|NORTH TO ALASKA (1960)
||[May. 19th, 2009|10:34 pm]
I spent five days with my parents a couple of weeks ago because my dad's birthday and Mother's Day were close together. During my time at home I unintentionally did a double feature of what I call "Big Stars in Little Westerns". I grew up knowing my dad didn't like John Wayne (and Bogart). Lately he's come around and been on a John Wayne kick. That's one reason he bought this obscure title from the $5 bin at Wal-Mart. The other reason is that the title song was a hit in Taiwan back in the day. My dad had never seen the movie though. |
I centered my interest on the fact that Henry Hathaway was the director. Hathaway's one of those solid, studio-stable directors who specialized in mid-budget genre pics. (John Sturges, director of Last Train from Gun HIll, the second half of this double feature, was another.) Hathaway was an exemplary action director; he shot my favorite part of How the West Was Won, a white-knuckle sequence involving a train that is more effective than nearly anything being made today.

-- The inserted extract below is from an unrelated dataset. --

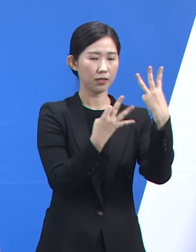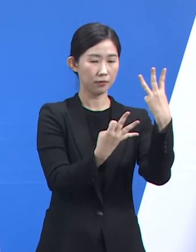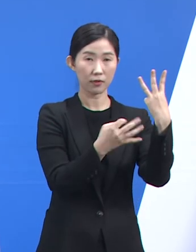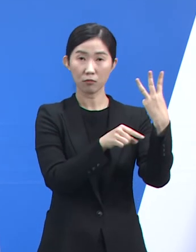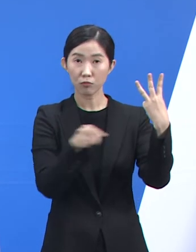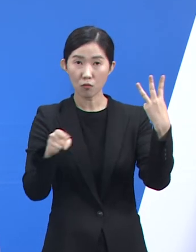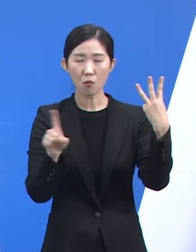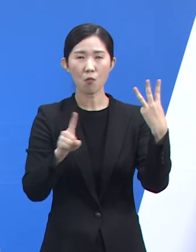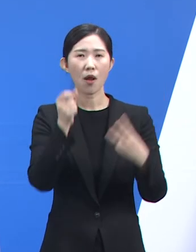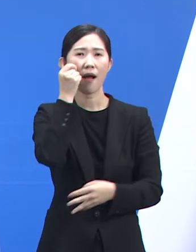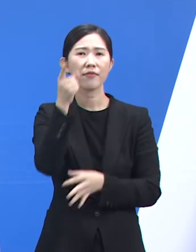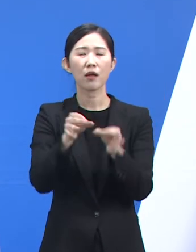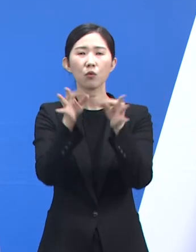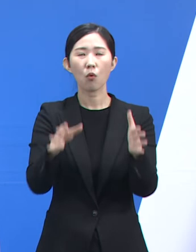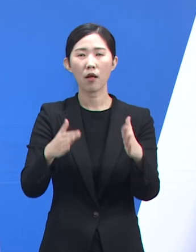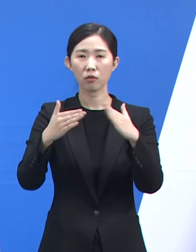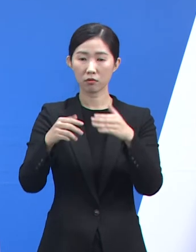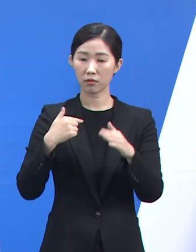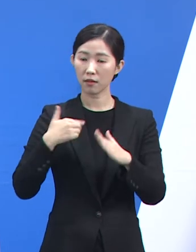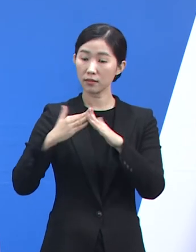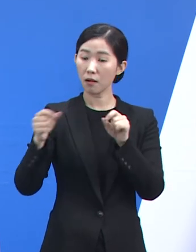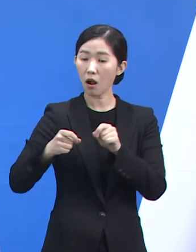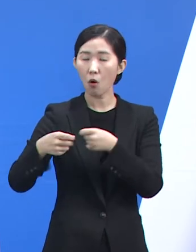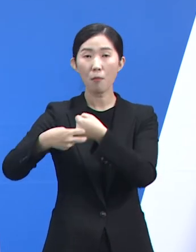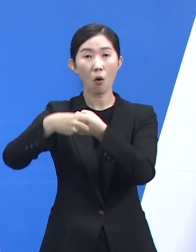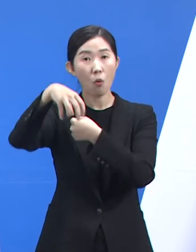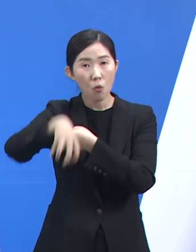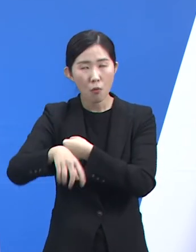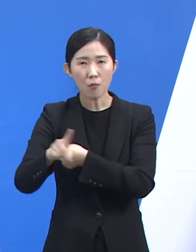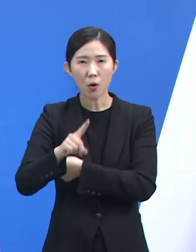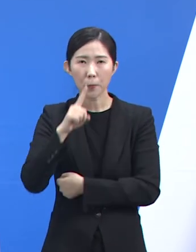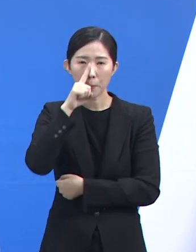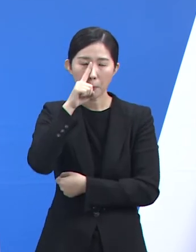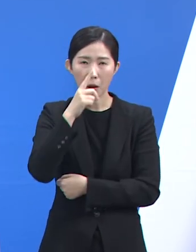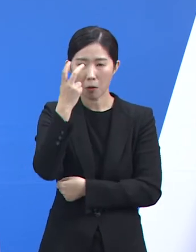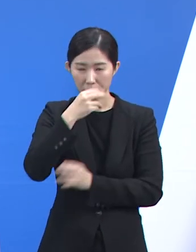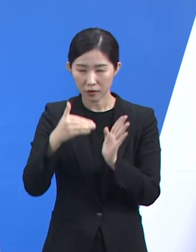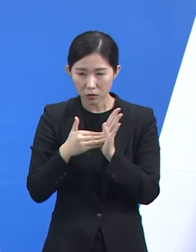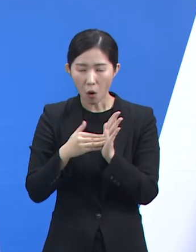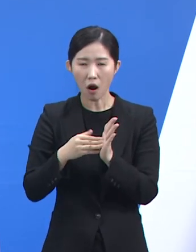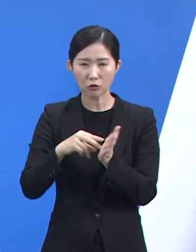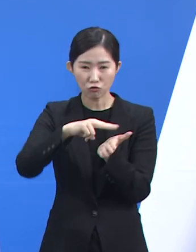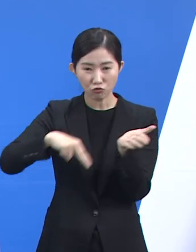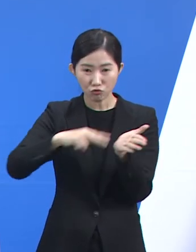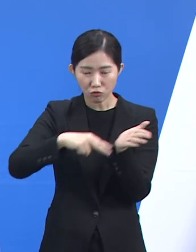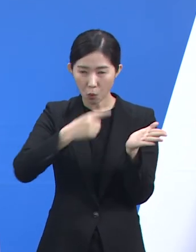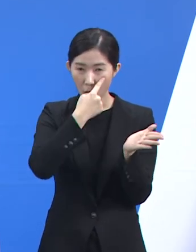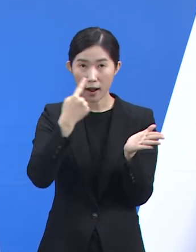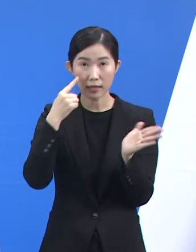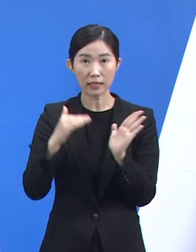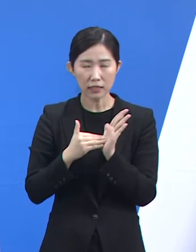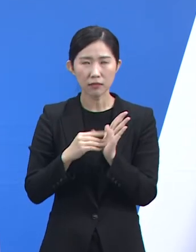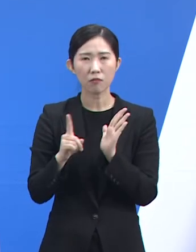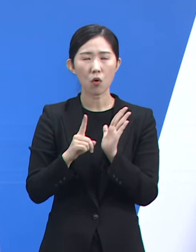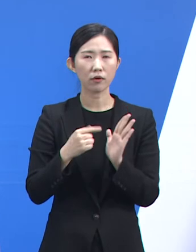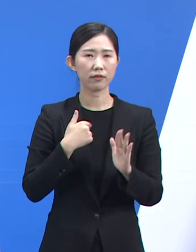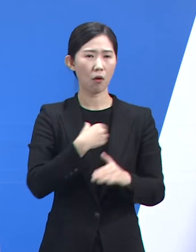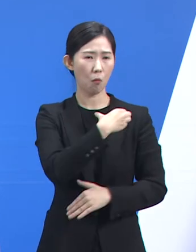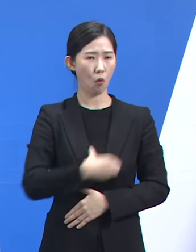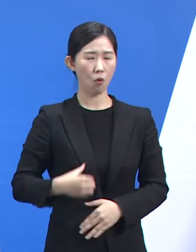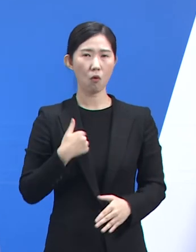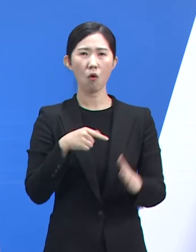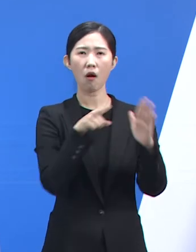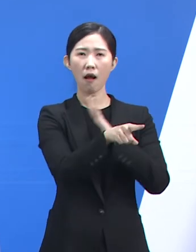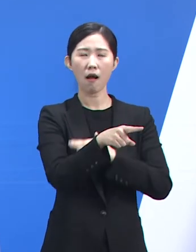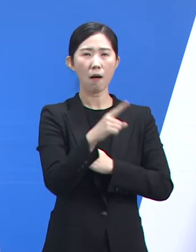달간 동네병원 5원 등에서 신속항원검사를 받고 양성 판정한 경우 별도의 PCR검사 없이 코로나19

The general gist of North to Alaska is that two buddies Sam (Wayne) and George (Stewart Granger) have struck it rich with their Alaskan gold mine. George has a fiance in Seattle but he needs to stay with the mine. He asks Sam to fetch her with the news that George is now a millionaire. When Sam finds her, she's already married and long forgotten about George. That night, Sam meets a beautiful French prostitute named Angel (the lovely Capucine) and decides to take her back to George instead. Meanwhile there's a sniveling grifter who keeps trying to weasal the mine away from Sam and George.

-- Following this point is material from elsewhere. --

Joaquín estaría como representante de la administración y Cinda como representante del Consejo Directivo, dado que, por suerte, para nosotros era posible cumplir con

The film starts promising enough. We get the aforementioned theme song which segues almost immediately into a massive bar brawl. Here's where Hathaway shows his strengths as an action director: geography is clear, the characters are kept distinct, little gags here and there accompany the action, and the environment is used to full effect. Unfortunately, this is the only scene in the film where Hathaway seems to be paying attention. But even this scene is tonally off with the rest of the film. This scene is like the Keystone Kops or Looney Tunes, replete with a machine that bangs out carnival music, goofy sound effects and John Wayne mugging it cross-eyed. The rest of North to Alaska, meanwhile, is a mix of situational comedy and drama.
The script is unceasingly uneven, as if the writer had been drinking as hard as John Wayne's character while he was outlining. It really feels like they shot the first draft. More time and more ideas could have given each character a goal (only the grifter has one). The actual characterization seems to have been left entirely to the actors. There is an hour's worth of plot padded out to two hours so what we get are some painfully lame scenes. (Though I don't complain about Capucine's bath, during which I detected a nipple. Alert the Breen Office!) Once Angel arrives in Alaska, all that's needed are a few sequences of dramatic irony before things should get tied up neatly. Those ideal few scenes last about an hour. Then about ten minutes from the end, the grifter is reintroduced. In quick succession, the whole town breaks out in fistfights until our leads laugh away their problems and the grifter gets yanked off to jail. Huh? And those are all the problems before the more serious issue of male chauvinism can be thrown down.
North to Alaska is for Wayne, Capucine and Hathaway purists only. The first third is tolerable, promising even, but the wheels really fall off when Sam and Angel arrive in Alaska with a whole lot of luggage and no story.